7 Steps To Convert Calls Into New Patient Visits

Do you feel like your front desk staff struggles with answering the phone? Are they not meeting your expectations? Are you looking for a way to increase revenue without increasing your costs? It may be time to adjust your approach. By simply converting a higher percentage of the calls coming into your practice, you can literally make more out of what you already have.

7 Steps To Convert Calls Into New Patient Visits

If you are looking for a good place to start, consider these seven steps to help you convert new patient calls.
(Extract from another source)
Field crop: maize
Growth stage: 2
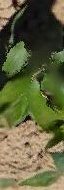
Species: maize

1. Empower Your Dental Office Staff

It’s easy to overlook how important the person who answers your office phone is. More importantly, that person may have no idea how important they are. If she’s not effective, the practice cannot reach its full potential. Spend the time with this person or group of people to help them understand how their performance directly impacts the practice. Explain to her what you expect, how you want the practice represented, and set realistic goals for her to live up to. Reiterate these expectations frequently.

2. Establish a Baseline

It is impossible to track the progress without establishing a baseline. This is a simple starting point to help you outline goals and expectations. One baseline assessment may be to tabulate the number of incoming new patients your practice receives. Compare the number answered by your staff to the number that go to your voicemail or answering service.

Another starting point to establish is how the phone is being answered. Consider the number of rings, the amount of time people are placed on hold, the greeting and answers for commonly asked questions. Evaluate your baseline and use it as a spring board for how you want things done moving forward.

3. Make a Plan

At Ads Next, we work with dozens of dentists around the United States and we’ve found after monitoring hundreds of new patient calls, a majority will fall into 5 or 6 categories. They will mainly have to do with basic questions about the practice, dental services, insurance questions or financing concerns. We find that within the same office, even by the same receptionist, the same questions are answered differently each time.

We recommend to our dentists that they create a plan the office staff can follow each time they answer the phone. From the greeting to answers for commonly asked questions, having a script or planned response will allow you to better measure what works and what doesn’t work.

4. Invest in Training

There are many options for phone skills training available in the market today. The most traditional are; personal consulting and coaching, online training, simple online practice modules, and numerous books and articles. Whether you choose to invest in one of these methods or not, you should make an investment of your time. Listen to the calls that come in to your practice.

Are they doing a good job? Are they missing opportunities? Are they representing your practice in the way you want to be represented? Schedule time each month to review your findings with your staff, re-establish your expectations, and give them feed back in regards to what they did well and what they need improvement on.

5. Review Performance

There are many things to review each month with your staff to insure that they did the best job they could converting your practices new patient leads. By listening to the calls, you can understand how many opportunities were missed. You can also identify other issues such as missed calls, unacceptable hold time, or trouble handing specific types of questions like “is your practice in my dental insurance network”.

You can also make sure that incoming leads are being followed up on. A standard review process each month will go a long way to insuring that you are making the most out of the calls and forms that come into your practice.

6. Measure Results

Now that you have established a baseline, created a call plan, provided training and reviewed the incoming calls, and leads, it is important to measure the result from one month to the next. You want to see continued progress, but you definitely don’t want to see the numbers drop off. By measuring results you can better control the outcome and continue to find areas that have need for improvement.

7. Reward Your Team’s Efforts

If you are going to expect more from your employees, they are naturally going ask, what’s in it for me? Assuming that you think highly of the person working for you and understanding that good people are not always easy to find, telling them that they get to keep their job likely isn’t realistic and not very motivating. The best way to get buy-in would be to establish a method of reward. Many offices use a monetary monthly, quarterly or annual bonus as a reward based on revenue or number of new patients.

If you like the idea of a monetary reward, I would suggest that you choose the monthly option. It establishes a commitment each and every month. You can’t slack one month and then do a great job in the others and make the same money. You also avoid a situation where the goal is reached early in the year or you find later in the year that the numbers you set were not realistic and need to be altered.

The monthly option gives you the flexibility to make adjustments as needed. Monetary rewards are not the only option. Many offices establish other rewards such as extra vacation days, special recognition, gifts or even fully paid trips. The type of reward is not as important as the idea of giving them some kind of stake in the success of the practice.